On Nov 15, 2012 1:40 AM, "Ben Hoyt" <benhoyt <benhoyt@gmail.com>@<benhoyt@gmail.com> gmail.com <benhoyt@gmail.com>> wrote:
There's a code smell here, in that the doc for Unix variants is incomplete and wrong. Whether or not you get the d_type values depends on the OS having that extension. Further, there's a d_type value (DT_UNKNOWN) that isn't a valid value for the S_IFMT bits in st_mode (at least on BSD).
If the goal is to make os.walk fast, then it might be better (on Posix systems, anyway) to see if it can be built on top of ftw instead of low-level directory scanning routines. <mike

From: Mike Meyer <mwm@mired.org> Sent: Thu, November 15, 2012 2:29:44 AM
If the goal is to make os.walk fast, then it might be better (on Posix systems,
anyway) to see if it can be built on top of ftw instead of low-level directory scanning routines.
You can't actually use ftw, because it doesn't give any way to handle the options to os.walk. Plus, it's "obsolescent" (POSIX2008), "deprecated" (linux), or "legacy" (OS X), and at least some platforms will throw warnings when you call it. It's also somewhat underspecified, and different platforms, even different versions of the same platform, will give you different behavior in various cases (especially with symlinks). But you could, e.g., use fts on platforms that have it, nftw on platforms that have a version close enough to recent linux/glibc for our purposes, and fall back to readdir+stat for the rest. That could give a big speed improvement on the most popular platforms, and on the others, at least things would be no worse than today (and anyone who cared could much more easily write the appropriate nftw/fts/whatever port for their platform once the framework was in place).

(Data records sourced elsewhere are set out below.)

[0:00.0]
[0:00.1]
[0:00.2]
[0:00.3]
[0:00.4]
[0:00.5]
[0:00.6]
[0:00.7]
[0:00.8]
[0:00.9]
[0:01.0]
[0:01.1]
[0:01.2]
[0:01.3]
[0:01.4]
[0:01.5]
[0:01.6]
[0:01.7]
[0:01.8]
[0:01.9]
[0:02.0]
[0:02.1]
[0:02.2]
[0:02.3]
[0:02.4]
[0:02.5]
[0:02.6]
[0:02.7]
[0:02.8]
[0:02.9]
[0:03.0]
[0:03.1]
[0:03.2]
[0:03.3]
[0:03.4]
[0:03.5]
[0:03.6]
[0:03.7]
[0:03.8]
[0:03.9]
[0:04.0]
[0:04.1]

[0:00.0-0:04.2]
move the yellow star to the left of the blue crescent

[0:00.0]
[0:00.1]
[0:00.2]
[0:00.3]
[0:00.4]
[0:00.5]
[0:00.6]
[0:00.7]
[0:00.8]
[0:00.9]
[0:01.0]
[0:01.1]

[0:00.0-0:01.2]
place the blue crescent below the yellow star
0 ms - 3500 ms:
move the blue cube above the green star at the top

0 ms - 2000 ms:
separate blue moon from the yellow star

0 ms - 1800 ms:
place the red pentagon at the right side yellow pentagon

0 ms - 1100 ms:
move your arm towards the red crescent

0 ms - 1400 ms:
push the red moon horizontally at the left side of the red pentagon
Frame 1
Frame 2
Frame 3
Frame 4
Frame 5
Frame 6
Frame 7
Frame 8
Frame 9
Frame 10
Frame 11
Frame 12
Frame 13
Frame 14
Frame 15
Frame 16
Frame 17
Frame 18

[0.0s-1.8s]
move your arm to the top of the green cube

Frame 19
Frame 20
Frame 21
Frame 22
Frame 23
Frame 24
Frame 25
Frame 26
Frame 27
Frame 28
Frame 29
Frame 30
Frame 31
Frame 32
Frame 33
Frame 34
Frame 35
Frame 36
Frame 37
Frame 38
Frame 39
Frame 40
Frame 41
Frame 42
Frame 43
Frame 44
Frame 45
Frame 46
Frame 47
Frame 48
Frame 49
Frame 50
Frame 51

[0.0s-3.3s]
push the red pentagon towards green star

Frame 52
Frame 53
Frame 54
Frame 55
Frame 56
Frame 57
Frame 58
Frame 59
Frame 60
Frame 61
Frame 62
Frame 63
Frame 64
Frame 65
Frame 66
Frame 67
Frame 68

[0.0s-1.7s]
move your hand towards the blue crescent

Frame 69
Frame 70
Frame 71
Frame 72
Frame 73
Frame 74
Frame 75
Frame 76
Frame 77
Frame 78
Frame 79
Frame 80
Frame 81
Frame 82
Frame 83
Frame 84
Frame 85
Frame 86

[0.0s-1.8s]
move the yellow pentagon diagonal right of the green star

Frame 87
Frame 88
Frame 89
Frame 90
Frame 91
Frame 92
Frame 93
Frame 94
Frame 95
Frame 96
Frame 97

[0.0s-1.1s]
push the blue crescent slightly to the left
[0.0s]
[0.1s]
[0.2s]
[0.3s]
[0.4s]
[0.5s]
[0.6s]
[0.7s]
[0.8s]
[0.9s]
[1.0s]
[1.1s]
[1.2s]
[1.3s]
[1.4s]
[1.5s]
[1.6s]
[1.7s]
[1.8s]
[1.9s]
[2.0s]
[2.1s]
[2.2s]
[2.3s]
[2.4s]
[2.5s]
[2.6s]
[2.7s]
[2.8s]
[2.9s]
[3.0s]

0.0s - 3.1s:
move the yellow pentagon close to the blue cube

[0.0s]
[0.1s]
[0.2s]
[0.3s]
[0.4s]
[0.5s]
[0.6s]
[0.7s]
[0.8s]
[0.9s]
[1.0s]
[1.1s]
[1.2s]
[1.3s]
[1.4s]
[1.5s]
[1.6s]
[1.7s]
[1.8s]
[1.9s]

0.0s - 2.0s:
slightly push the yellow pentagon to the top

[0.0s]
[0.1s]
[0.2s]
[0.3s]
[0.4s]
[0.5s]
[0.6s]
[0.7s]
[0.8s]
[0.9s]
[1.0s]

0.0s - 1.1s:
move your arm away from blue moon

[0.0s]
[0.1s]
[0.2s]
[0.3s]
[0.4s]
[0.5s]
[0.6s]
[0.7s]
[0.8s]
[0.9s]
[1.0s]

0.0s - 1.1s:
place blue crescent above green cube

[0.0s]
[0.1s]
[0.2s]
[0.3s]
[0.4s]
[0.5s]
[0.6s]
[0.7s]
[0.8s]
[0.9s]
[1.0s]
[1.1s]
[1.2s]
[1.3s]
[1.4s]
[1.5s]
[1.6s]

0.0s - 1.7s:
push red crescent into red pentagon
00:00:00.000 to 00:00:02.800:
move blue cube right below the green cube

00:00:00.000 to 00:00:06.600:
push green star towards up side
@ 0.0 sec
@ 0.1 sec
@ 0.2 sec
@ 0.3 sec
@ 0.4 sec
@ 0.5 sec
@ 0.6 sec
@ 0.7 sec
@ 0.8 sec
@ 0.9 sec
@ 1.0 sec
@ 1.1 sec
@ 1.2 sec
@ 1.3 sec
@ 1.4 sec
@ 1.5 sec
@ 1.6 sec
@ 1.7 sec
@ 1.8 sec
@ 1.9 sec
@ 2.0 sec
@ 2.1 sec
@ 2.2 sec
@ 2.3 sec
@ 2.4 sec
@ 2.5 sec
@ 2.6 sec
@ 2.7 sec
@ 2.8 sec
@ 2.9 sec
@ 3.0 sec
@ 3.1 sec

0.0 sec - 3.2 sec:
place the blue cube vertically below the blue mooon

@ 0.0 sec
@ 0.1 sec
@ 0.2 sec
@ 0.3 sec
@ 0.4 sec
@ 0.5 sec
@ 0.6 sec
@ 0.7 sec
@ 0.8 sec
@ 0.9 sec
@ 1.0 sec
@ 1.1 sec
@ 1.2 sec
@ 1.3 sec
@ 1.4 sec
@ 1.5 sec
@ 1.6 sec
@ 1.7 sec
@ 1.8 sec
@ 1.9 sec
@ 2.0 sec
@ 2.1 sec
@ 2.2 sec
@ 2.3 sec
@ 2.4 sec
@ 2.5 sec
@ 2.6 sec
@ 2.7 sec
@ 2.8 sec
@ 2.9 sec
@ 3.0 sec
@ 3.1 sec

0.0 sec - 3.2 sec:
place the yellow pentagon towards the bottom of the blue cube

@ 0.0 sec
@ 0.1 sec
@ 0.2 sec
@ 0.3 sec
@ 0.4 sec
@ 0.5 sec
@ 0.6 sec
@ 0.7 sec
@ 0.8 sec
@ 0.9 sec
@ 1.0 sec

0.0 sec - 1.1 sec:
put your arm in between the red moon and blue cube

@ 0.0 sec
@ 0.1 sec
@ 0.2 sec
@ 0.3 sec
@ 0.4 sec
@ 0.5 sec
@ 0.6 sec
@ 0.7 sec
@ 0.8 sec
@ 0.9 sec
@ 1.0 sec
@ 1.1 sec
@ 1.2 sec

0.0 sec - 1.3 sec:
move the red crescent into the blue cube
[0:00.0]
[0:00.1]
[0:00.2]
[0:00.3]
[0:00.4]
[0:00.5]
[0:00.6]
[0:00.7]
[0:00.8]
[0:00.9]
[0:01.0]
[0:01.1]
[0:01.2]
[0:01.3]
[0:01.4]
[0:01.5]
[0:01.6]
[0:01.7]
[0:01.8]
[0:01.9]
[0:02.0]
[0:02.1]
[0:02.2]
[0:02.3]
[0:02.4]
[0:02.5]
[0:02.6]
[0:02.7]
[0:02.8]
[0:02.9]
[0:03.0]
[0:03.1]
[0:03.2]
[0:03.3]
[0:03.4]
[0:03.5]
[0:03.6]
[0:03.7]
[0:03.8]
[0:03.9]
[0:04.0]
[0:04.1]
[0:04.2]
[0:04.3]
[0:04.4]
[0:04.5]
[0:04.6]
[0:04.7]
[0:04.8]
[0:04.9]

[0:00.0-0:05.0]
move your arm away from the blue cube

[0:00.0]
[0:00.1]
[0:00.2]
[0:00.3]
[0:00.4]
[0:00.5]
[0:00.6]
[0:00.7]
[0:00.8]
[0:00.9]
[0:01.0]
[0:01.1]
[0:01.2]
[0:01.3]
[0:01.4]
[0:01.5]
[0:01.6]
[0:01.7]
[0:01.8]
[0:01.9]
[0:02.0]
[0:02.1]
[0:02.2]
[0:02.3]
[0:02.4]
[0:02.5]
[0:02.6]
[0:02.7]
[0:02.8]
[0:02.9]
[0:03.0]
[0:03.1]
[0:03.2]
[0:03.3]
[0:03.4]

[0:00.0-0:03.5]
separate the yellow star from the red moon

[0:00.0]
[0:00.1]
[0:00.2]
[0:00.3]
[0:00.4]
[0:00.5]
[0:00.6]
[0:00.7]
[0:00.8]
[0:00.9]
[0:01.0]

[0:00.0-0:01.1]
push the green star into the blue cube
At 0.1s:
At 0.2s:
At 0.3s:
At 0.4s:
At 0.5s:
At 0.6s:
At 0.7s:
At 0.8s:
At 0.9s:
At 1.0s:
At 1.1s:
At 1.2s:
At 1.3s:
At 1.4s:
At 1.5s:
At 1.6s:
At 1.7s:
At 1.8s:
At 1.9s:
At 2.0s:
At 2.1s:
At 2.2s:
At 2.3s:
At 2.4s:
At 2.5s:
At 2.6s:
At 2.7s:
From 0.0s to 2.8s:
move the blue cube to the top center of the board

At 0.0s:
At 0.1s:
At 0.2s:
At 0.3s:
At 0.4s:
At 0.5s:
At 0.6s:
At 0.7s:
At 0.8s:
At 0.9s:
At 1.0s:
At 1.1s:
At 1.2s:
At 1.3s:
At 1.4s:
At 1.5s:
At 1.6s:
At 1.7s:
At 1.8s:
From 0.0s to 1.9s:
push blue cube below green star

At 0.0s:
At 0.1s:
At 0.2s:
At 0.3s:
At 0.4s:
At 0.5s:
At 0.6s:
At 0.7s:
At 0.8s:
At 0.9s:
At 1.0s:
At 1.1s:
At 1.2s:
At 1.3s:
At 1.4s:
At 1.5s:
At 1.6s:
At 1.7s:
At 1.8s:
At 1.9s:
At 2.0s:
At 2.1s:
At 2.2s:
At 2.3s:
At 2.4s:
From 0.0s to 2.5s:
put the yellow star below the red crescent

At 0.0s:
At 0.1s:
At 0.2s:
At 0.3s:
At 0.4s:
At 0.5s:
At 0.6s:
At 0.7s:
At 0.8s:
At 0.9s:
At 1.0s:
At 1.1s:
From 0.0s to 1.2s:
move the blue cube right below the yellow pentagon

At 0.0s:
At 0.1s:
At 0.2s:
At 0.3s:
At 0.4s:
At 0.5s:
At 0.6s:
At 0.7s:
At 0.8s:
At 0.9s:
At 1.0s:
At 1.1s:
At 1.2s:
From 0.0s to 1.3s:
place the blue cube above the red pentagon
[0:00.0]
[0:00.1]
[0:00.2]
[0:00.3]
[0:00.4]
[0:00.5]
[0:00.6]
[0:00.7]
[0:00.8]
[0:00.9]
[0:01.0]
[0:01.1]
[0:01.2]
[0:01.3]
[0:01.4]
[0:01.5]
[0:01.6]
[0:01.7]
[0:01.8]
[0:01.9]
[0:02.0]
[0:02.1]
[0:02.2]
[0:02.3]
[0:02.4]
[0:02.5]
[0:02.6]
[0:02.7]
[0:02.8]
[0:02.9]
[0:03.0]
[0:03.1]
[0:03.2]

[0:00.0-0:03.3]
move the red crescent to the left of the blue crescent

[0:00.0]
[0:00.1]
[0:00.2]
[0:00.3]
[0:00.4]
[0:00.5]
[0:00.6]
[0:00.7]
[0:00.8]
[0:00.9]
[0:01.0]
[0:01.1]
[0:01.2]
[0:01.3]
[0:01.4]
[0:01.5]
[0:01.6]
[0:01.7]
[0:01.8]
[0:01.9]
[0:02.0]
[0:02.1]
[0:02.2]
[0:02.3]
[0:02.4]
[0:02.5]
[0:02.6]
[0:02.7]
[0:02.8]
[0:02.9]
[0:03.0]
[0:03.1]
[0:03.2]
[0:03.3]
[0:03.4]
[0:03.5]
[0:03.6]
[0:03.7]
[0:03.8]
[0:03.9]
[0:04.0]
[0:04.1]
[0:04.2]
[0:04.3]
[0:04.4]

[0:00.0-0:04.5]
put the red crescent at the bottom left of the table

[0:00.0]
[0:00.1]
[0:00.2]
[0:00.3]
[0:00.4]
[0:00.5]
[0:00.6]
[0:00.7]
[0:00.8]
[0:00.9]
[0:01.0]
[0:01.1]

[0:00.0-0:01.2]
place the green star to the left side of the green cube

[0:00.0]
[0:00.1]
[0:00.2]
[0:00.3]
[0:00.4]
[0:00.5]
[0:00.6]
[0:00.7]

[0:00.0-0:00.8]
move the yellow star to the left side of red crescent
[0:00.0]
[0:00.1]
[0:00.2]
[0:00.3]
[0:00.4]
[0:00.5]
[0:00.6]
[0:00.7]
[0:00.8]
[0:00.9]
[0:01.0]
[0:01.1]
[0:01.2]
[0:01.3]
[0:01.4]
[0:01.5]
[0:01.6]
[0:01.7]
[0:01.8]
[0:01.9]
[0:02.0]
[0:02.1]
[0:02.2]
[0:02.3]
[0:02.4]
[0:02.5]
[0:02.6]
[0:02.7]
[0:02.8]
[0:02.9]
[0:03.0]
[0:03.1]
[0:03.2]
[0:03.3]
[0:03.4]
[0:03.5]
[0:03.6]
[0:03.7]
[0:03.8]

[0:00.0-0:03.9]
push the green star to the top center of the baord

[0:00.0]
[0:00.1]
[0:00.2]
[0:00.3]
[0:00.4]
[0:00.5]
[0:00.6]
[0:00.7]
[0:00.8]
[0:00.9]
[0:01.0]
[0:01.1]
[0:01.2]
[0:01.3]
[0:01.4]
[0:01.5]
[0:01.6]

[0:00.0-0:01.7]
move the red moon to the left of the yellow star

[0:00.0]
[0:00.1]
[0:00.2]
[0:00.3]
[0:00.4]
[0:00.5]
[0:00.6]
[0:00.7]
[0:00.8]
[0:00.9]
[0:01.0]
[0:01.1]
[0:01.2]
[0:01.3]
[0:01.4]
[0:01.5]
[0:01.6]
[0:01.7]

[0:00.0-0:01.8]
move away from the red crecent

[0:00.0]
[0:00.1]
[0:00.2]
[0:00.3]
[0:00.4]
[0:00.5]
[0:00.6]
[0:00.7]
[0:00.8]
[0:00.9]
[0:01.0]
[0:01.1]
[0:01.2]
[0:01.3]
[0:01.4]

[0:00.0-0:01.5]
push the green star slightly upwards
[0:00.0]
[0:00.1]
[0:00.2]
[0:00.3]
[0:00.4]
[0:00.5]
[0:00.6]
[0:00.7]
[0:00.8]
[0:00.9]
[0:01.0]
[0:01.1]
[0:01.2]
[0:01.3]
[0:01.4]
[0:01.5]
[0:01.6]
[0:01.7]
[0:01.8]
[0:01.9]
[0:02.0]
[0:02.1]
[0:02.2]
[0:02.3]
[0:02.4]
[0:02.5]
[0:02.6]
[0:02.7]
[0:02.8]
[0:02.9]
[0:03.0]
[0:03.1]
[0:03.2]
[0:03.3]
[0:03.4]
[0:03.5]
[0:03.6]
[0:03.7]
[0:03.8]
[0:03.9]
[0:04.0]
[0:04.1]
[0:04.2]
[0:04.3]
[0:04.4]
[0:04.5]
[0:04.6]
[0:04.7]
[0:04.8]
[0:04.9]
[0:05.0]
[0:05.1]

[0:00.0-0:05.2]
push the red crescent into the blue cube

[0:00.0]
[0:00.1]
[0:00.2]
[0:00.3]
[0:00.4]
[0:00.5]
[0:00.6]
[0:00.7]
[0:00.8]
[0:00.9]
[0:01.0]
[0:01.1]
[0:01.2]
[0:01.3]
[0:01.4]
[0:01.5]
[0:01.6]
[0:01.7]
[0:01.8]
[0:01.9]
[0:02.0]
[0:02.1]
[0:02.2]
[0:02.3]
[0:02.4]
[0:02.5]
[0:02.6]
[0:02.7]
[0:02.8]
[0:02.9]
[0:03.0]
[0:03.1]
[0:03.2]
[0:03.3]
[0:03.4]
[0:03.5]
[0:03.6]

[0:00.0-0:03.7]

Not sure I understand why the docstring above is incomplete/wrong. I say "Not all information is present on all systems" and "In practice ... only the 'is type' bits of the st_mode field are available on Linux/OS X/BSD". All three of those systems provide d_type, so I think that's correct. -Ben

On Nov 15, 2012 2:06 PM, "Ben Hoyt" <benhoyt@gmail.com> wrote:
incomplete
It's incomplete because it doesn't say what happens on other Posix systems. It's wrong because it implies that the type bits of st_mode are always available, when that's not the case. Better would be 'on Posix systems, if st_mode is not None only the type bits are valid.' Assuming that the underlying code translates DT_UNKNOWN to binding st_mode to None.

On 11/15/12, Mike Meyer <mwm@mired.org> wrote:
The specification allows other fields as well; is it really the case that *no* filesystem supports them? Perhaps: """Yield tuples of (filename, stat_result) for each file in the "path" directory, excluding the '.' and '..' entries. The order of results is arbitrary, and the effect of modifying a directory after generator creation is filesystem-dependent. Each stat_result is similar to the result of os.stat(filename), except that only the directory entry itself is examined; any attribute which would require a second system call (even os.stat) is set to None. In practice, Windows will typically fill in all attributes; other systems are most likely to fill in only the "is type" bits, or even nothing at all. """ -jJ

I'm pretty much convinced that - if the primary goal is to speed up os.walk by leveraging the Windows calls and the existence of d_type on some posix file systems - the proposed iterdir_stat interface is about as good as we can do. However, as a tool for making it easy to iterate through files in a directory getting some/all stat information, I think it's ugly. It's designed specifically for one system, with another common case sort of wedged in. There's no telling how well it will be handle any other systems, but I can see that they might be problematical. Worse yet, you wind up with stat information you can't trust, so have to basically write code to access multiple attributes like: if st.attr1 is None: st = os.stat(...) func(st.attr1) if st.attr2 is None: st = os.stat(...) func(st.attr2) Not bad if you only want one or two values, but ugly if you want four or more. I can see a number of alternatives to improve this situation: 1) wrap the return partial stat info in a proxy object that will do a real stat if a request is made for a value that isn't there. This has already been rejected. 2) Make iterdir_stat an os.walk internal tool, and don't export it. 3) Add some kind of "we have a full stat" indicator, so that clients that want to use lots of attributes can just check that and do the stat if needed. 4) Pick and document one of the a stat values as a "we have a full stat" indicator, to use like case 3. 5) Add a keyword argument to iterdir_stat that causes it to always just do the full stat. Actually, having three modes might be useful: the default is None, which is the currently proposed behavior. Setting it to True causes the full stat always be done, and setting it to False just returns file names. 6) Depreciate os.walk, and provide os.itertree with an interface that lets us leverage the available tools better. That's a whole other can of worms, though. Thanks, <mike

Greg Ewing suggested:
+1 for following that seventh path. It offers the additional benefit for the library code, that constraints of the backend functionality used are more clearer to handle: If requested and available allthough expensive, "yield nevertheless the attribute values" is then a valid strategy. All the best, Stefan.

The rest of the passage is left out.